What Does Kristine Fischer Reach For When She’s Kayak Fishing?
During a photoshoot last fall in Nebraska, I zoomed in on Jackson Kayak pro Kristine Fischer as she was watching a fish swimming just below the surface.
I snapped photos as she leaned down and, instead of grabbing a fishing rod, picked up a compound bow and arrow.
I watched through the lens while Fischer took aim, released the arrow and narrowly missed a huge carp.
Fischer didn’t hit the fish, but I was struck with the challenge and simplicity of bow fishing from her kayak. Equipment isn’t fancy. Fischer says it’s possible to convert a hunting bow, but heavy draw weight isn’t necessary to shoot a fish at close range. “I like a bow with no let-off so I can snap shoot when I see a fish,” she adds.
Fischer debates between carbon fiber and fiberglass arrows. “Carbon fiber is more accurate but brittle and more expensive,” she explains.

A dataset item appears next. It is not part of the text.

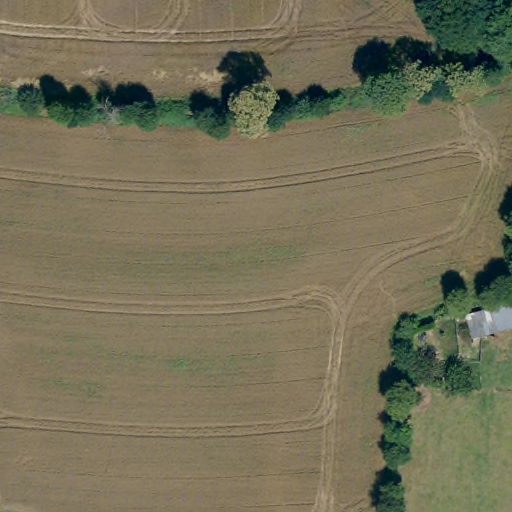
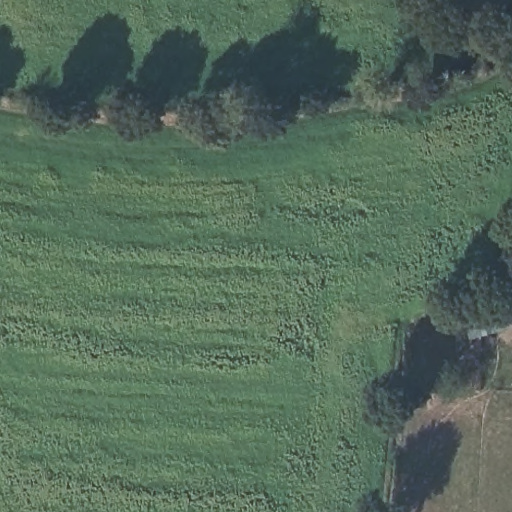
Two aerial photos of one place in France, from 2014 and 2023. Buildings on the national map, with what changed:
unchanged [(512,300),(512,330),(477,338),(470,312),(512,300)]

Fiberglass is a good choice for shorter shots over rocky bottom. The toughest challenge in bow fishing is hitting the fish.
It’s hard enough to aim at a moving object while standing on another moving object; bow fishermen have to take light refraction into account. To calculate how much light bends through water use the 10-4 rule. If you’re 10 feet from a fish one foot under the water, aim four inches below the fish. As the distance increases, add four inches for every 10 feet. “Plan to spend time practicing with submersible targets,” Fischer suggests.
Bow fishermen target saltwater and freshwater fish and they sight fish during the day and fish with lights at night.
Some states have rules against shooting game fish with bow and arrow, so many participants focus on invasive species like carp or nuisance fish such as sting rays. Since shoot and release is impossible, hunters are committed to consuming the fish they kill. Always check local regulations before heading out on the water.
“I like bow fishing from my kayak because I can access areas too shallow and narrow for a motorboat,” Fischer says. She admits bow fishing from a kayak is difficult, but the payoff is a new challenge and a tasty fish in the pot.